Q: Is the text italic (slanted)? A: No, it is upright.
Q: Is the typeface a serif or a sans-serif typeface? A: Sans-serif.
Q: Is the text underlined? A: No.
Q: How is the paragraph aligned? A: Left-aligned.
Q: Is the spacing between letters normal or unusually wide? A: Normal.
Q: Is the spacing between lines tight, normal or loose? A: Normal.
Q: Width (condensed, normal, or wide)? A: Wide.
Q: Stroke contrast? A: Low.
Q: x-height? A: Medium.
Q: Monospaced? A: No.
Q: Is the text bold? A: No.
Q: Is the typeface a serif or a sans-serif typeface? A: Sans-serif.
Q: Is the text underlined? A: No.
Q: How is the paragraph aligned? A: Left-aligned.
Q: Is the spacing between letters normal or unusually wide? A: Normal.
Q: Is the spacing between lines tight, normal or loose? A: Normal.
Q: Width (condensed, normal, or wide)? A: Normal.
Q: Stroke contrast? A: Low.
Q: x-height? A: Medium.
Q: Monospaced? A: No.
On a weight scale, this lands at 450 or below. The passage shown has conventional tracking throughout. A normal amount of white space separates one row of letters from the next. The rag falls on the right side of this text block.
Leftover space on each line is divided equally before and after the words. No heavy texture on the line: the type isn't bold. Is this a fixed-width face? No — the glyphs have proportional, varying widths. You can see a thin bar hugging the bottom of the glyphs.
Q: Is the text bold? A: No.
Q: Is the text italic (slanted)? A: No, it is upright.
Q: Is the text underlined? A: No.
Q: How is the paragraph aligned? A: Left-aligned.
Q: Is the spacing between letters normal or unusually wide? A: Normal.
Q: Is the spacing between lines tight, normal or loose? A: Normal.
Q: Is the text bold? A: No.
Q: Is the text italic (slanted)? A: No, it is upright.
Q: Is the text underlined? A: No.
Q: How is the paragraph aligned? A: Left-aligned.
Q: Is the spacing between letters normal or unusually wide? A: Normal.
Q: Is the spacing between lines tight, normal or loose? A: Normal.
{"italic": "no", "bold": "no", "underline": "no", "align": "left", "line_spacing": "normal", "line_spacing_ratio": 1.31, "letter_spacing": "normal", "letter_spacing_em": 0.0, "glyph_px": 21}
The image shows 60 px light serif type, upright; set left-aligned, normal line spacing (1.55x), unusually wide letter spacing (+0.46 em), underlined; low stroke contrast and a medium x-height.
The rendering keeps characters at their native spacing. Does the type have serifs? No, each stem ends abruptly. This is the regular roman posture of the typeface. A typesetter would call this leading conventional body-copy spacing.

(EXERCISE REQUIREMENTS) Each record above needs to be reproduced exactly as written.

(REPLY)
Q: Is the text italic (slanted)? A: No, it is upright.
Q: Is the typeface a serif or a sans-serif typeface? A: Sans-serif.
Q: Is the text underlined? A: No.
Q: How is the paragraph aligned? A: Left-aligned.
Q: Is the spacing between letters normal or unusually wide? A: Normal.
Q: Is the spacing between lines tight, normal or loose? A: Normal.
Q: Width (condensed, normal, or wide)? A: Wide.
Q: Stroke contrast? A: Low.
Q: x-height? A: Medium.
Q: Monospaced? A: No.
Q: Is the text bold? A: No.
Q: Is the typeface a serif or a sans-serif typeface? A: Sans-serif.
Q: Is the text underlined? A: No.
Q: How is the paragraph aligned? A: Left-aligned.
Q: Is the spacing between letters normal or unusually wide? A: Normal.
Q: Is the spacing between lines tight, normal or loose? A: Normal.
Q: Width (condensed, normal, or wide)? A: Normal.
Q: Stroke contrast? A: Low.
Q: x-height? A: Medium.
Q: Monospaced? A: No.
On a weight scale, this lands at 450 or below. The passage shown has conventional tracking throughout. A normal amount of white space separates one row of letters from the next. The rag falls on the right side of this text block.
Leftover space on each line is divided equally before and after the words. No heavy texture on the line: the type isn't bold. Is this a fixed-width face? No — the glyphs have proportional, varying widths. You can see a thin bar hugging the bottom of the glyphs.
Q: Is the text bold? A: No.
Q: Is the text italic (slanted)? A: No, it is upright.
Q: Is the text underlined? A: No.
Q: How is the paragraph aligned? A: Left-aligned.
Q: Is the spacing between letters normal or unusually wide? A: Normal.
Q: Is the spacing between lines tight, normal or loose? A: Normal.
Q: Is the text bold? A: No.
Q: Is the text italic (slanted)? A: No, it is upright.
Q: Is the text underlined? A: No.
Q: How is the paragraph aligned? A: Left-aligned.
Q: Is the spacing between letters normal or unusually wide? A: Normal.
Q: Is the spacing between lines tight, normal or loose? A: Normal.
{"italic": "no", "bold": "no", "underline": "no", "align": "left", "line_spacing": "normal", "line_spacing_ratio": 1.31, "letter_spacing": "normal", "letter_spacing_em": 0.0, "glyph_px": 21}
The image shows 60 px light serif type, upright; set left-aligned, normal line spacing (1.55x), unusually wide letter spacing (+0.46 em), underlined; low stroke contrast and a medium x-height.
The rendering keeps characters at their native spacing. Does the type have serifs? No, each stem ends abruptly. This is the regular roman posture of the typeface. A typesetter would call this leading conventional body-copy spacing.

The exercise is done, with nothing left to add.